# The Reception > Sentiments Express >  To Villies...with Love!

## Nutter

Assalaamo Alaikum!

Where have you gone Villies? Kahan gayab hain aap?:frusty1; It's been a while since I last saw your posts in here. Iss tarah baaton ka bura nahi manatay, if you reading it Villies, I ask you to return to DT. Samajh aaya k nahi? Like a brother am asking you not to act like a kid. Bas ab chup chaap se, jaldi se wapas aayein am missing your poetry. 

Shabash! Shabash!! Parhtay hi dortay hue aayein aur kahein k "AM BACK".

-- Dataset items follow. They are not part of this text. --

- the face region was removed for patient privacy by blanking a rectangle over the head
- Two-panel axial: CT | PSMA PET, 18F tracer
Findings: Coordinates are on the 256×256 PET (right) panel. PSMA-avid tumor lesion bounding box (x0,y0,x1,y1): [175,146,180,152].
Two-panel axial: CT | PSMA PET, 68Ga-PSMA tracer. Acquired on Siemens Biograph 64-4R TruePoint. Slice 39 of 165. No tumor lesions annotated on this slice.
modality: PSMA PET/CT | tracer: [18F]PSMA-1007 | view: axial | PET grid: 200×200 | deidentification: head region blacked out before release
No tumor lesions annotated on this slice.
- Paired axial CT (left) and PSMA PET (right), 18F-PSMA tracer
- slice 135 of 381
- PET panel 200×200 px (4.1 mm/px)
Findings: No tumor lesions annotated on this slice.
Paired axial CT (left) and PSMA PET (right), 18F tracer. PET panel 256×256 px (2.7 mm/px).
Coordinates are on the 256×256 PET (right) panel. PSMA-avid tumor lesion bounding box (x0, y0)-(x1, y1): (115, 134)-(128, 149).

with lots of love:huglove:

Nutter

----------


## Nutter

Come on guys What's happening? Aap log bhi likhein iss thread mein apnay khayalat  :Frown:

----------


## Endurer

I don't know him much, to be honest.

----------


## Nutter

I don't know much about him either, but all I know (or I assume) is that he left DT. And it all started after I posted that "...Competition" thread.

----------


## Endurer

Yeap I remember that. Perhaps he needs some time to recover. IMO that was just a matter of opinion. You know Nutter bro, some people have a very thin shell.. especially when they are confronted out in the open. 

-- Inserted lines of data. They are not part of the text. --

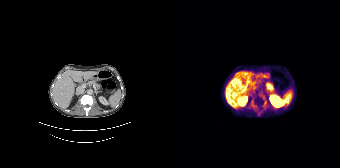
{"modality":"PSMA PET/CT","view":"axial","tracer":"68Ga-PSMA","pet_grid":[168,168],"coord_frame":"pet_panel","coord_format":"x0,y0,x1,y1","psma_avid_lesions":false}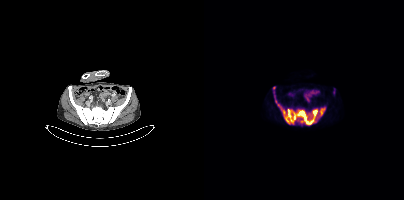
Coordinates are on the 200×200 PET (right) panel. (showing 2 of 3 foci) PSMA-avid tumor lesion bounding box (x, y, width, height): x=69 y=91 w=53 h=35. Small PSMA-avid focus (2 to 4 px across) near (center x, center y): (70, 88). Paired axial CT (left) and PSMA PET (right), [18F]PSMA-1007 tracer. PET panel 200×200 px (4.1 mm/px).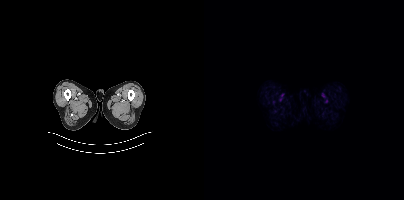
Negative for PSMA-avid disease on this slice.

NO! I'm not jumping on him. Really I'm not. He could be the nicest guy for all I know. However, posting topics as if it were a flee market sale just raises my hackles.

----------


## Miss_Sweet

Maine to unko msn pe bhi nai dekha for some dayz :s  villies plzzz wapis a jao :$

----------


## RAHEN

he sent me pm saying he is coming back so no worries... :Smile: 
and i believe he is back now.. :Smile: ..with his cool /different theme thread.. :Smile:

----------